32g system ram, running with hyper threading off to keep temps a bit lower on cpu. RX6900 runs
4 tasks and this seems to fully 'saturate' the gpu at peaks so I dialed it down from first 8, and then 6
OAS3 tasks. 4 seems better and they just run faster if less in count. I get a total system crash about
every 36-48 hrs. (requires full reboot) lately. Here is the last snippet out of my kernel.log, so it has some info but probably
not enough of a full dump of the good stuff a developer needs to really shoot trouble. RX6900 has 16 g.
of ram and that's why I got away with running more tasks (up to a point).
-------------------------------------------------------------------------------------------------------------------------------------
Dec 27 00:07:12 kernel: [107576.642108] [drm] Unknown EDID CEA parser results
Dec 27 00:23:50 kernel: [108574.671480] [drm] Unknown EDID CEA parser results
Dec 27 00:41:01 kernel: [109605.667960] amdgpu 0000:03:00.0: amdgpu: [gfxhub] page fault (src_id:0 ring:88 vmid:8 pasid:32771, for process einstein_O3AS_1 pid 9689 thread einstein_O3AS_1 pid 9689)
Dec 27 00:41:01 kernel: [109605.667967] amdgpu 0000:03:00.0: amdgpu: in page starting at address 0x00007f87e6ccc000 from client 0x1b (UTCL2)
Dec 27 00:41:01 kernel: [109605.667970] amdgpu 0000:03:00.0: amdgpu: GCVM_L2_PROTECTION_FAULT_STATUS:0x008008B0
Dec 27 00:41:01 kernel: [109605.667971] amdgpu 0000:03:00.0: amdgpu: Faulty UTCL2 client ID: CPF (0x4)

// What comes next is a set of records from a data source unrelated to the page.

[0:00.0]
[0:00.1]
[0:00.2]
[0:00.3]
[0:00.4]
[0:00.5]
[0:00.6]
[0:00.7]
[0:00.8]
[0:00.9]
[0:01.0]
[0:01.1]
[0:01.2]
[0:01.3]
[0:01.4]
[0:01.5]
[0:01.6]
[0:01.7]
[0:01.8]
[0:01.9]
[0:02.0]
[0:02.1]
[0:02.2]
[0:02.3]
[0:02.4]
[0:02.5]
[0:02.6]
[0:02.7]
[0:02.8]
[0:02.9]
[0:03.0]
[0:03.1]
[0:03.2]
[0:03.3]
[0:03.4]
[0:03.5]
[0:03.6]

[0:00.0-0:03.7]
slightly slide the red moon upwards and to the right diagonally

Dec 27 00:41:01 kernel: [109605.667972] amdgpu 0000:03:00.0: amdgpu: MORE_FAULTS: 0x0
Dec 27 00:41:01 kernel: [109605.667973] amdgpu 0000:03:00.0: amdgpu: WALKER_ERROR: 0x0
Dec 27 00:41:01 kernel: [109605.667974] amdgpu 0000:03:00.0: amdgpu: PERMISSION_FAULTS: 0xb
Dec 27 00:41:01 kernel: [109605.667975] amdgpu 0000:03:00.0: amdgpu: MAPPING_ERROR: 0x0
Dec 27 00:41:01 kernel: [109605.667976] amdgpu 0000:03:00.0: amdgpu: RW: 0x0
Dec 27 00:47:22 kernel: [109985.919646] [drm] Unknown EDID CEA parser results
Dec 27 00:47:22 kernel: [109985.932499] [drm] Unknown EDID CEA parser results
----------------------------------------------------------------------------------------------------------------------------------------
BTW, that last line there is literally the last line of the kernal log after system crashed.

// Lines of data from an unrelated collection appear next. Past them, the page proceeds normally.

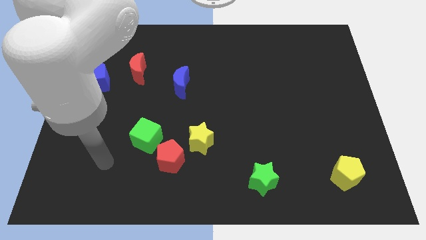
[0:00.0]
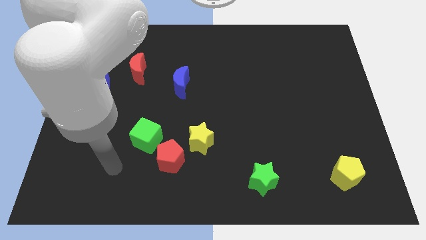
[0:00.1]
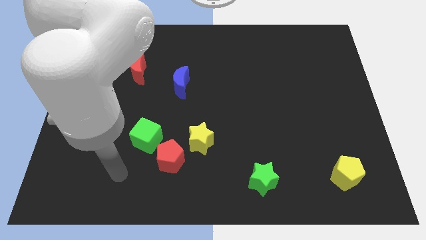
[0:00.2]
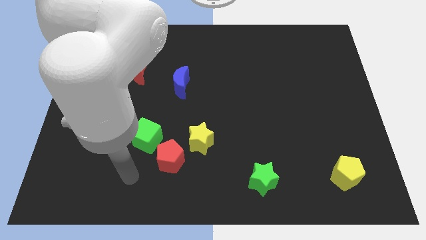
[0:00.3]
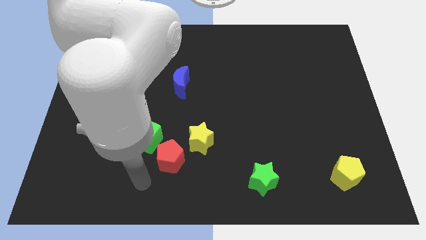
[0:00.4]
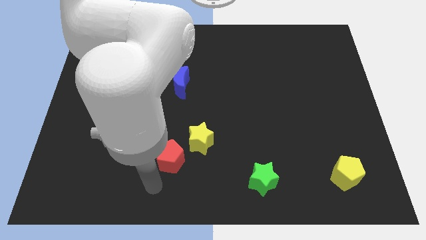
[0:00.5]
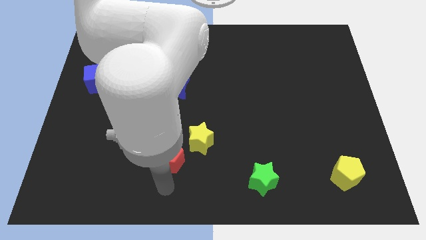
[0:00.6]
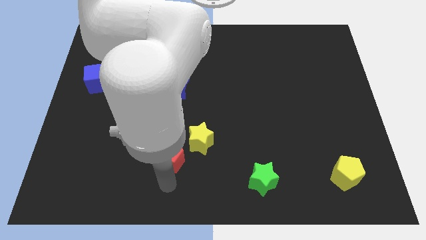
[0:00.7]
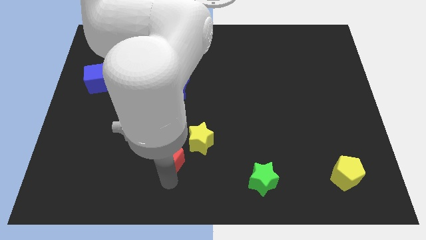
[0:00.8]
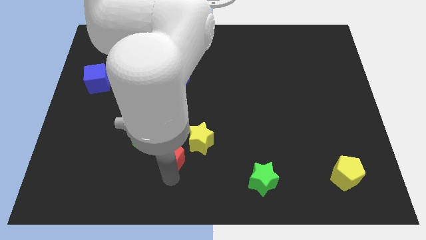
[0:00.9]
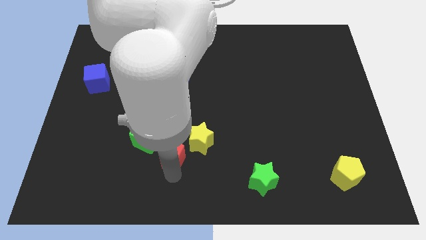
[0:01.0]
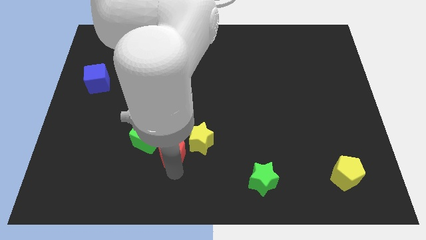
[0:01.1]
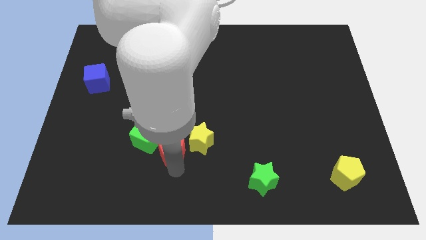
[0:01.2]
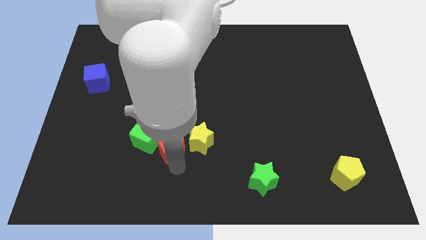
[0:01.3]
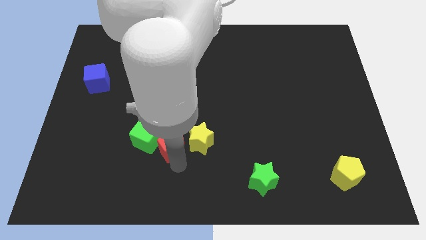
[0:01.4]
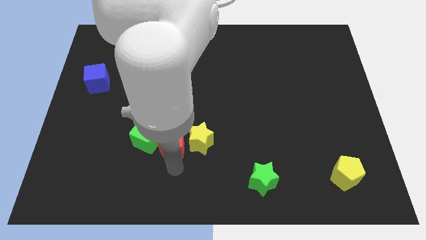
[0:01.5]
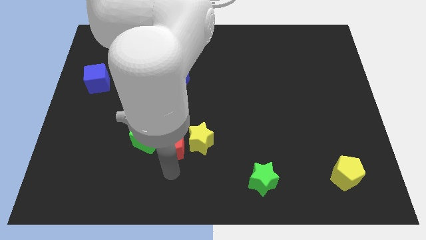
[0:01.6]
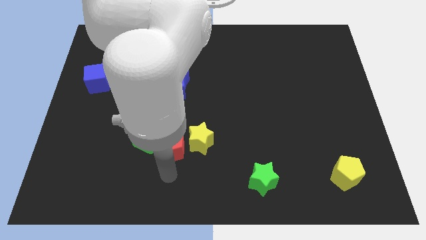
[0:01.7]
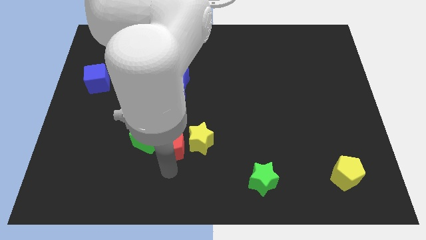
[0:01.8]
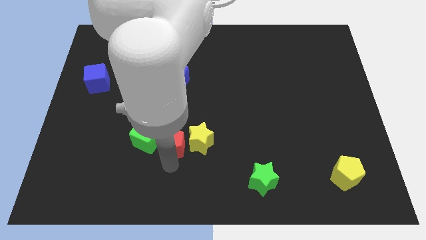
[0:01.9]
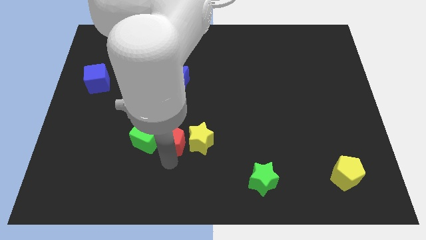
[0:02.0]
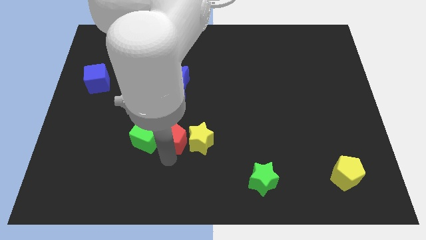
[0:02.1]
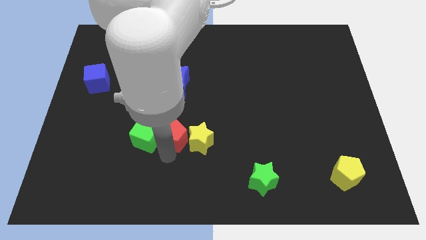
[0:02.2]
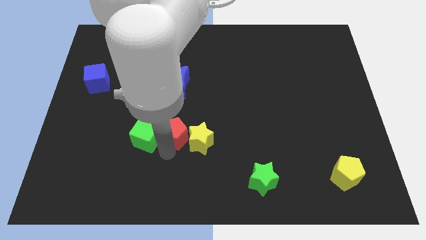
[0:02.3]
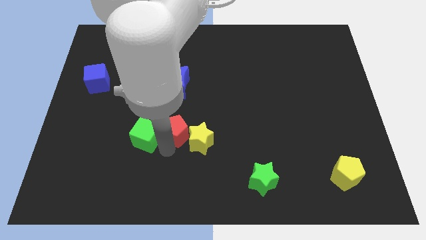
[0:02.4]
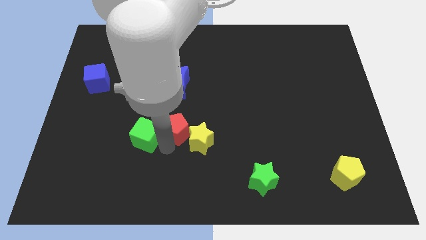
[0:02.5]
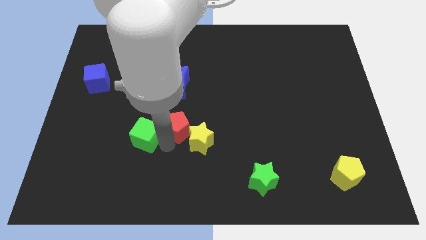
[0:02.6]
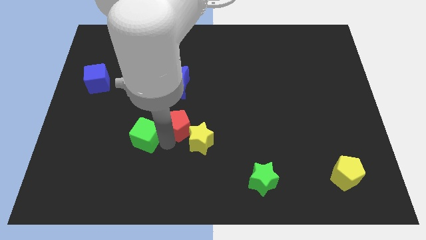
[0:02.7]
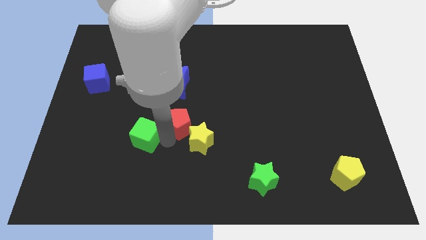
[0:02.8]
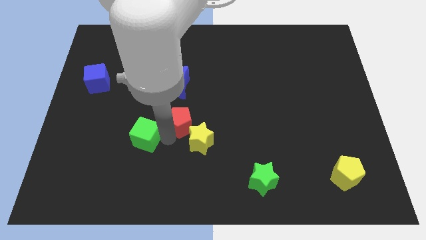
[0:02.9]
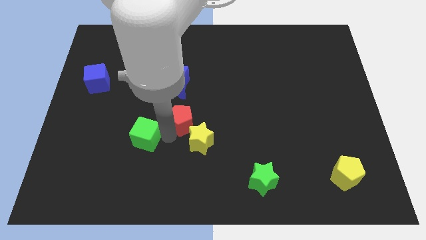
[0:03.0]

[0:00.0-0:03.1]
move the red pentagon upwards and then to the right a little bit

those 'Unknown EDID' notifications are just another nuisance message afaik, I haven't had much luck finding info
on them. But I get them all the time the gpu is running. This is running on the latest AMD driver 21.40.1.40501-1,
at least as of last month. If someone can direct me to better debug info I can put my hands on I'd be happy to seek
it out and forward it. 'gfxhub page fault' - maybe a problem with the gpu card's memory? ?
Happy Holidays and CHEERS! to all,
-Mike
Copyright © 2024 Einstein@Home. All rights reserved.
Are you running CPU tasks
)
Are you running CPU tasks from either Einstein or another project? From what I remember, the gravitational wave tasks were a good bit CPU bound, and maybe some conflicts are occurring there? personally I would re-enable hyperthreading even if only to give the CPU some more oomph in processing.
how is the GPU connected? are you using a riser of any kind? or GPU plugged directly to the motherboard? how about other peripherals that might be sharing PCIe resources with the GPU? what motherboard do you have and which slot is populated by the GPU?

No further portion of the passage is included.